Она думала о себе и о других совершенно по-разному, и, на мой взгляд, именно этим объясняется удивительное сочетание ее погруженности в себя, поглощенности своим делом (она нередко почти не замечала ближних, которых она считала такими же, как она), и почти нездешней любви и сострадания – к дальним.

Она могла быть невнимательна к близким – и сражаться за справедливость по отношению к целым странам и ко всему человечеству.

Со своими людьми (или с теми, кого она таковыми считала) она могла быть умопомрачительно бестактной.

Однажды она, подбрасывая на коленях совсем еще маленького внука Петю, радостно воскликнула в присутствии его матери – француженки, красавицы-брюнетки с беломраморной кожей: «А я всегда так хотела внука-негритёнка!»

Мари окаменела, но Наташа ничего не заметила: она ведь не хотела никого задеть, а просто сказала чистую правду.

Или, когда я, занудничая, говорил ей, что сыновей всё-таки надо стараться воспитывать (Ясик, мол, не пришел, когда обещал, потому что просто забыл, или Оська обещал передать матери, что я звонил, и тоже забыл, и т. п.), она столь же бесхитростно излагала свои планы на будущее: «Вот они вырастут, женятся – и жены их воспитают!»

Так и случилось.

Разумеется, она любила сыновей, но особенно о них не заботилась, и они росли, как «лилии полевые».

Однако внуков она любила уже вполне по-земному. И выражалось это тоже вполне традиционно: щедрая и даже расточительная (в меру возможностей), всегда готовая отдать друзьям последнее, Наталья могла внезапно вскинуться и закричать (как медведица из сказки): «Кто достал из холодильника польские кабаносы (охотничьи колбаски) и положил на стол? Немедленно назад! Это для Пети!!!»

Пожалуй, я знал в жизни только одного человека, похожего на Наташу. Это была одна из основательниц и легенда польской «Солидарности» Анна Валентинович. Они даже внешне были похожи: маленькие, энергичные, бесстрашные, посвятившие свою жизнь борьбе за справедливость.

Обе не слишком беспокоились о близких, но по отношению к другим людям (особенно если речь шла о тысячах или даже миллионах) проявляли неизменную и пристальную заботливость, а нередко – в планетарных масштабах – простую снисходительность.

«Зла в людях, может, и нет – да только боятся они очень», – говорила извиняющимся тоном пани Аня, и Наталья полностью с ней соглашалась.

Но и тут бывали исключения: она не прощала М. В. Розановой ее беспричинной злоязыкости («ради красного словца»), а В. И. Новодворской (во многом похожей своей пассионарностью на саму Наташу) – минутной слабости, которую та проявила еще девятнадцатилетней девчонкой.

Как-то Наташа рассказала мне, что вместе с ВИН сидела в казанской спецтюрьме, и в какой-то момент та стала горько сожалеть о своем мужественном гражданском поступке: «И зачем я эти листовки разбрасывала, а могла бы в МГИМО поступить…»

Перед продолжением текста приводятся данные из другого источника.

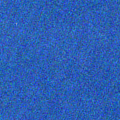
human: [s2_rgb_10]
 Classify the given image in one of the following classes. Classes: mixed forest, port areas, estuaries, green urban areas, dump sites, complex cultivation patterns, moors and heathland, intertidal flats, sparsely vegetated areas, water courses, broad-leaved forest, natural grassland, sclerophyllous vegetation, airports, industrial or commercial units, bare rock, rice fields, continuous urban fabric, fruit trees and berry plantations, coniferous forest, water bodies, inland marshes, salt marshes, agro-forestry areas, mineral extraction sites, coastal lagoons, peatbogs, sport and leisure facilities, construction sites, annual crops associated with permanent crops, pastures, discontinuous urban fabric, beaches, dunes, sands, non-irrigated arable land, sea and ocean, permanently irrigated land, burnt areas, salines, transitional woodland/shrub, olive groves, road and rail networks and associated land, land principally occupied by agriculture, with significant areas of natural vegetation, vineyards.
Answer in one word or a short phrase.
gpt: sea and ocean
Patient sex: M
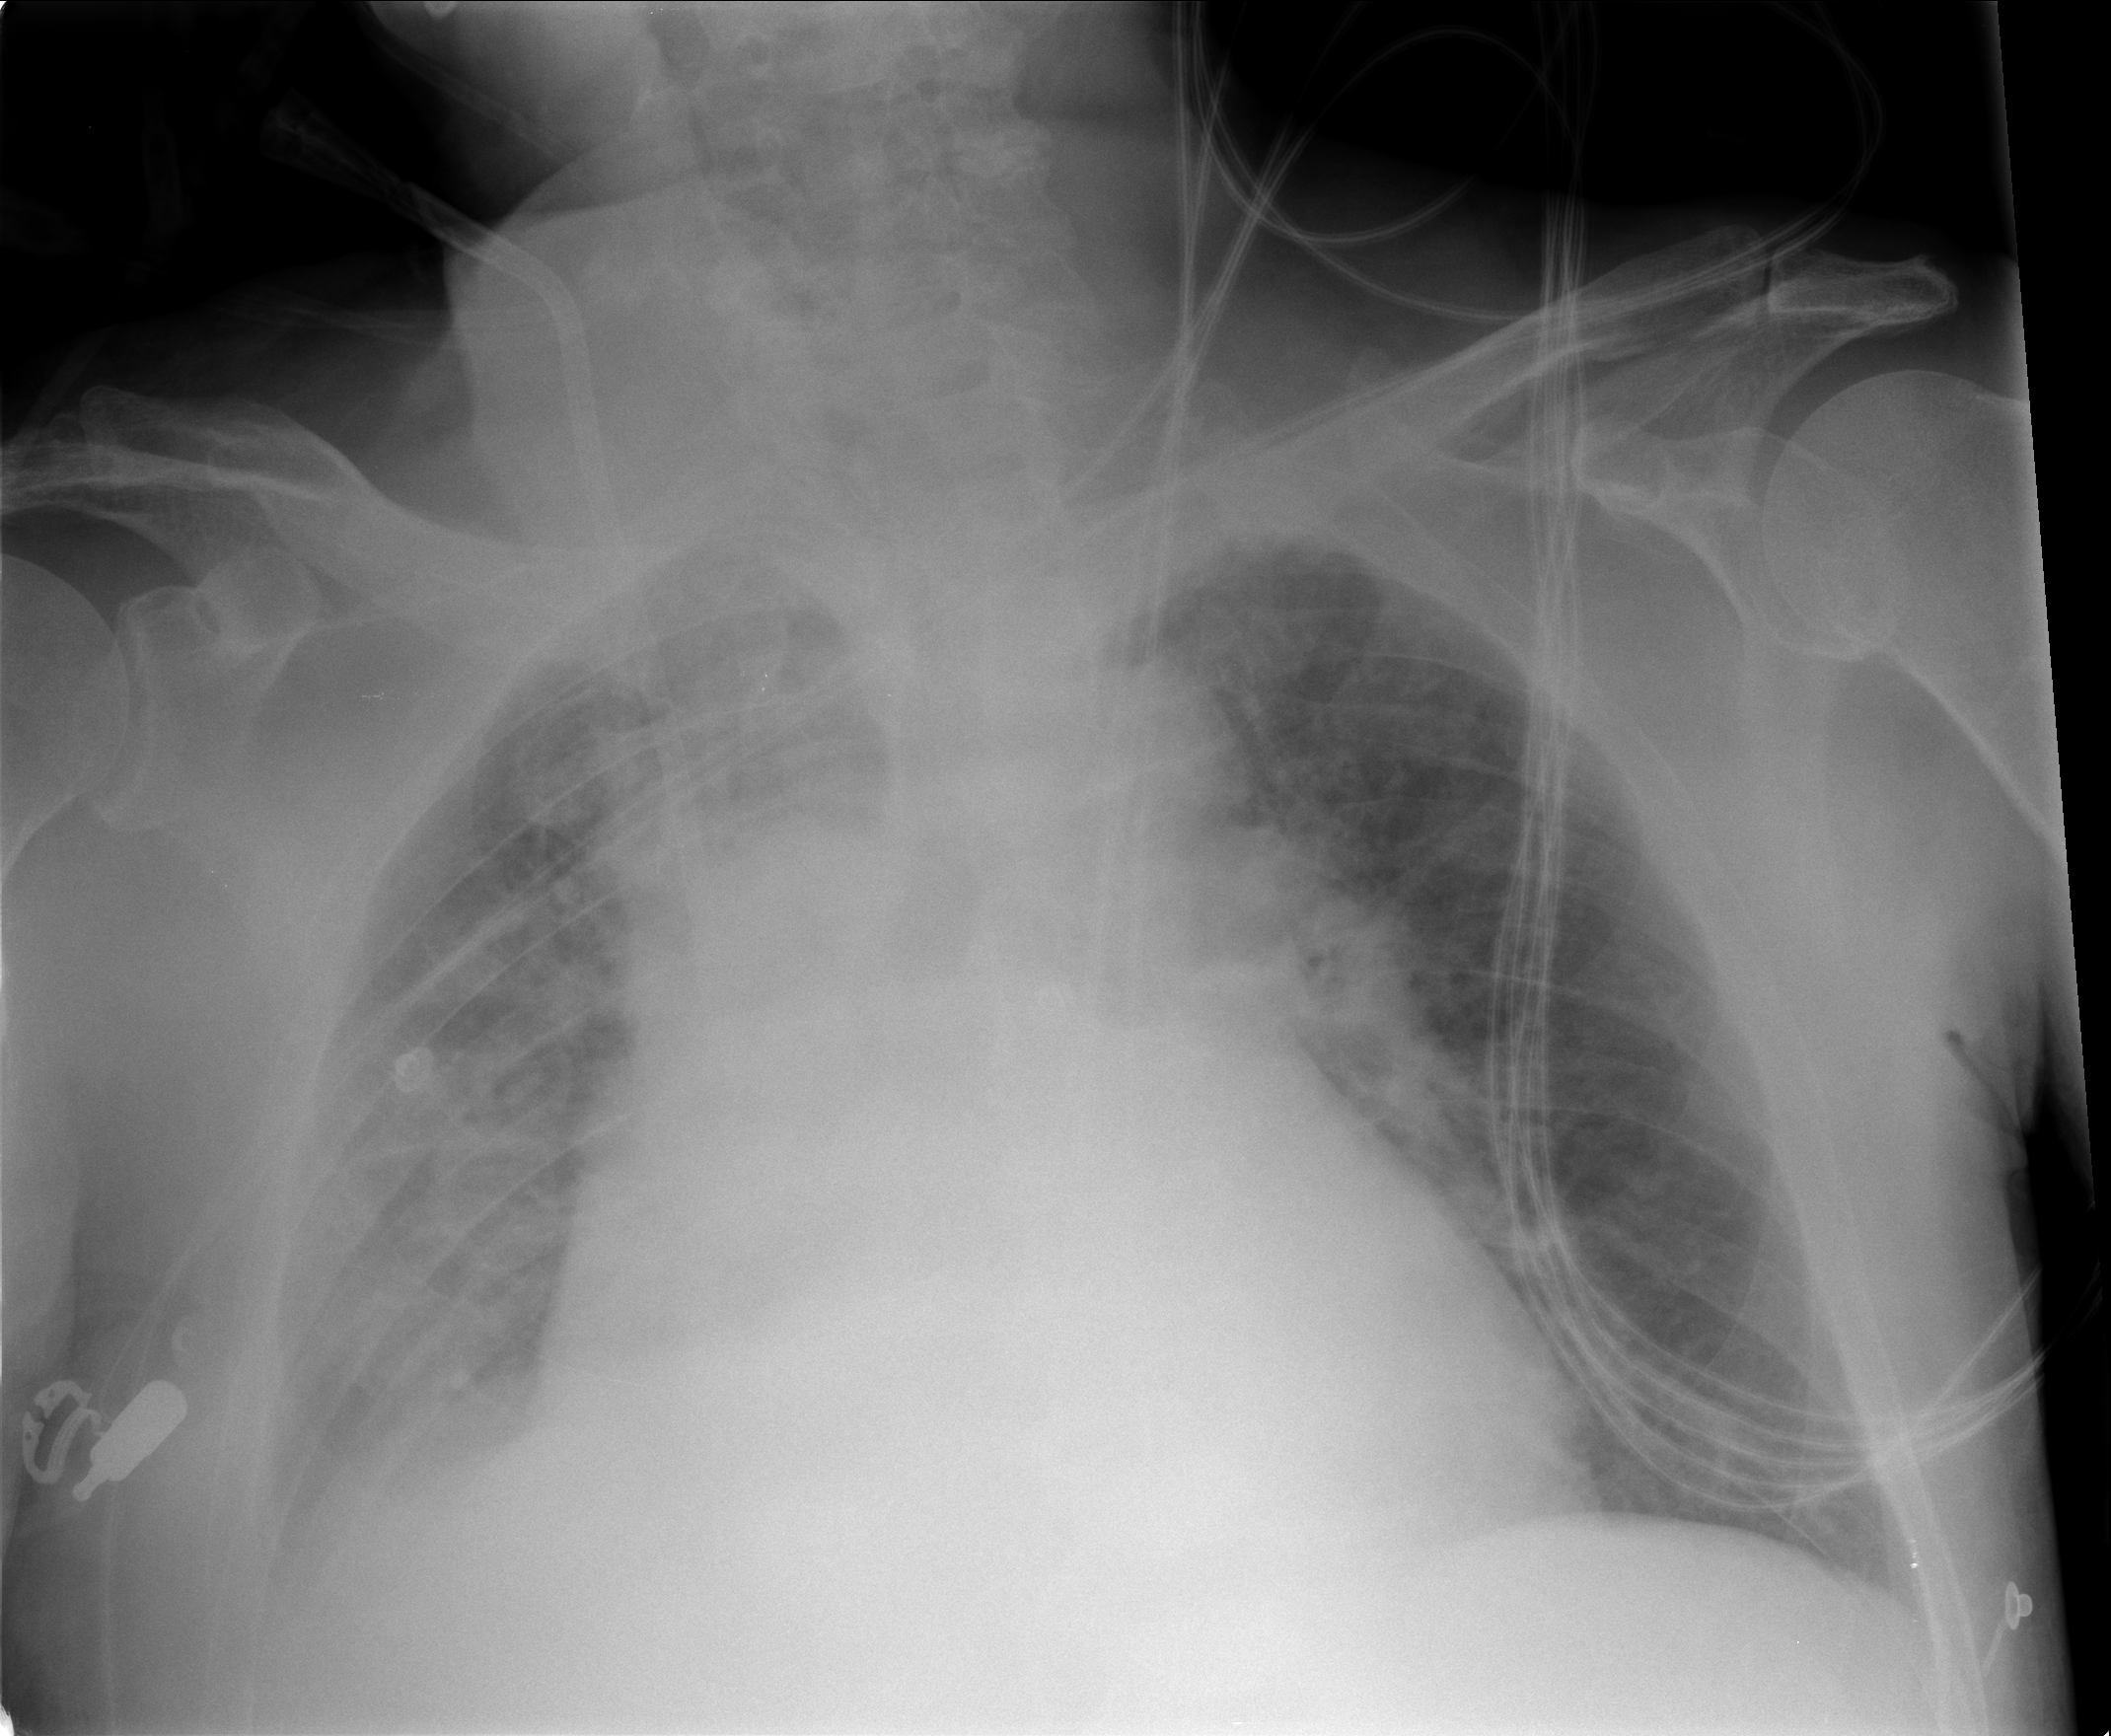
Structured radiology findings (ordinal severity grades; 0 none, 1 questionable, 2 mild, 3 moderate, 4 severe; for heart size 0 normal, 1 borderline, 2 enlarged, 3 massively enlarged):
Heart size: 2
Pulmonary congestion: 2
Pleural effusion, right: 2
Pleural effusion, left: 0
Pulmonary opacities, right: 1
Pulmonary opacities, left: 0
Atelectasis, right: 2
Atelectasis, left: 0

Годы прошли, ВИН никогда больше не поддалась слабости, уважала Наташу и передавала ей приветы, но Наталья была памятлива и неумолима. Для нее молодость не была оправданием. Она, как библейский Иов, была убеждена, что тот, кто падает духом в несчастье – грешит перед Богом.

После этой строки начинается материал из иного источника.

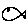
Label: fish
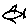
Label: fish
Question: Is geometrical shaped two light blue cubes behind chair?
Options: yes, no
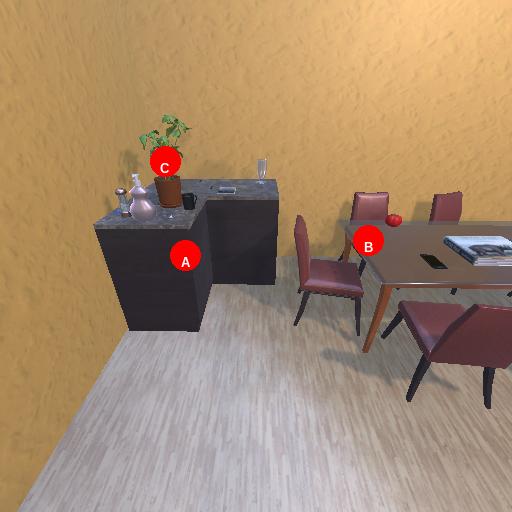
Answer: yes
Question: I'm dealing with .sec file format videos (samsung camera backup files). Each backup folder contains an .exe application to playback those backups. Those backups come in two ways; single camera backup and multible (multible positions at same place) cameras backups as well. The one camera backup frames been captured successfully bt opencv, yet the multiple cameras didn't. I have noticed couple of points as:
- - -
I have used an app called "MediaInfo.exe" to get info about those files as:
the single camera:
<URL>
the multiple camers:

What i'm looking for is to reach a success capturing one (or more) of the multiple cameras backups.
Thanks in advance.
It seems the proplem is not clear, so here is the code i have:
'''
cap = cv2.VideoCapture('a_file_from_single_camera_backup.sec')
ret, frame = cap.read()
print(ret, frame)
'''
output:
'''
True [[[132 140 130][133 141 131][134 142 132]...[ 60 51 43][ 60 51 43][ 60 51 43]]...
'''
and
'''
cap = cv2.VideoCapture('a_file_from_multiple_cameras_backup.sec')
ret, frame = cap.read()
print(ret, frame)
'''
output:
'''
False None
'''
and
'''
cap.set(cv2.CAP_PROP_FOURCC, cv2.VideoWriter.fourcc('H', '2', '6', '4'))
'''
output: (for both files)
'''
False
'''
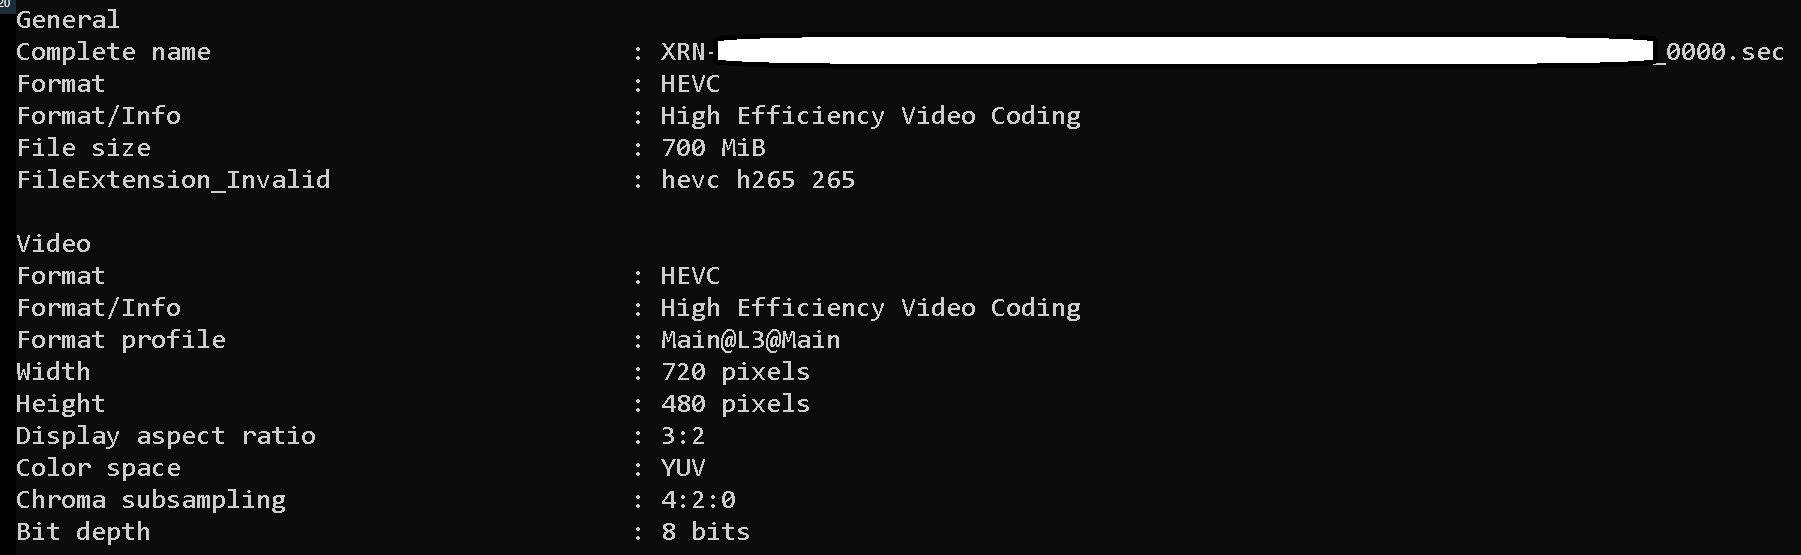
Answer: for anyone who is facing an issue reading the .sec (samsun security camera backup) file format using opencv, there are two scenario as (in my case):
- The backup belongs to a one camera (one position) that can be read by
opencv correctly (need to do nothing). You just need to know that the
vid comes in h.264 codec.- The backup belongs to multiple cameras (multiple positions) which
won't be read by opencv, yet you can change the file extension from
.sec to .hevc so the opencv will do the job. Also, you need to know
that the vid is h.265 codec as well.
for more, <URL>
Good luck!

Но у нее самой бывали минуты – если не слабости, то уступки искушениям.

Наташа жила по беженскому документу, где черным по белому было написано, что он обеспечивает защиту обладателю во всех странах, подписавших Женевскую конвенцию о беженцах, за исключением страны происхождения (откуда обладатель и сбежал).

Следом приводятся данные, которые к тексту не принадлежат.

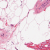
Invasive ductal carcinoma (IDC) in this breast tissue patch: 0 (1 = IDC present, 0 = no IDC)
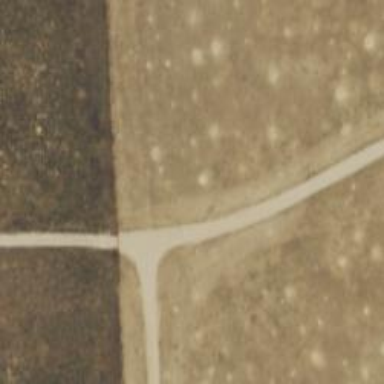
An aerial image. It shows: Road leading to wind farm area designated for service vehicles.
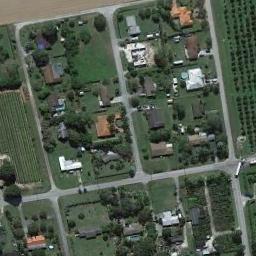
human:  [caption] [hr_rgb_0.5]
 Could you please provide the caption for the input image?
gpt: There are many buildings of different shapes and sizes in medium residential area .

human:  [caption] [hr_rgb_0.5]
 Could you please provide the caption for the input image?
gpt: Medium-sized houses are surrounded by green trees .

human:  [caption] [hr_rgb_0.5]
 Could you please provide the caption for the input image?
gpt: The medium residential area has some houses and trees on the grass .

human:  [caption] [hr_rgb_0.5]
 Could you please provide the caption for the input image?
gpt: The medium residential is on the grass next to the farmland .

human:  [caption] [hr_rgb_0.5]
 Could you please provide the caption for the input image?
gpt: There are some buildings on green lawns on the medium residential area .
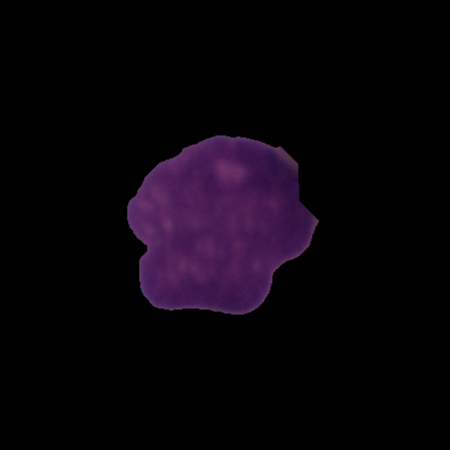
Label: cancer
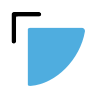
Cursor type: resize_nw
OS/theme: linux-bibata
Variant: black
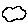
Label: cloud
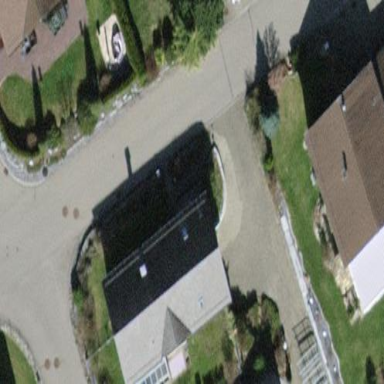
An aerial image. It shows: Detached building.

И когда в 1991 году СССР развалился, эти беженцы начали массово ездить в Россию, объясняя (себе и французским властям), что «это уже другая страна»). В конце концов власти одумались и пригрозили отбирать эти документы у путешественников в Россию.

Я спорил с Наташей по этому поводу, говоря, что РФ – это правопреемница СССР со всеми вытекающими юридическими последствиями.

Будучи девушкой умной и честной, она вначале возражала, а потом начала хмуро помалкивать. «Но ведь у тебя же есть советский паспорт, и ты туда ездишь!» – вдруг сказала она в качестве аргумента. Я изумился. «Когда это было нужно или полезно, я туда ездил, и никто меня этим не попрекал!» «Ну вот, а я не ездила», – грустно сказала Наташа, и я понял, как ей хочется вернуться и посмотреть, что там происходит. Действительно, Володя Буковский уже побывал там – хотя и с британским паспортом, – а она…

Больше я с ней на эту тему никогда не спорил. Ну, а потом она уже получила польское гражданство.

Вообще интересно даже не то, как она поддавалась искушениям, а как она с ними боролась.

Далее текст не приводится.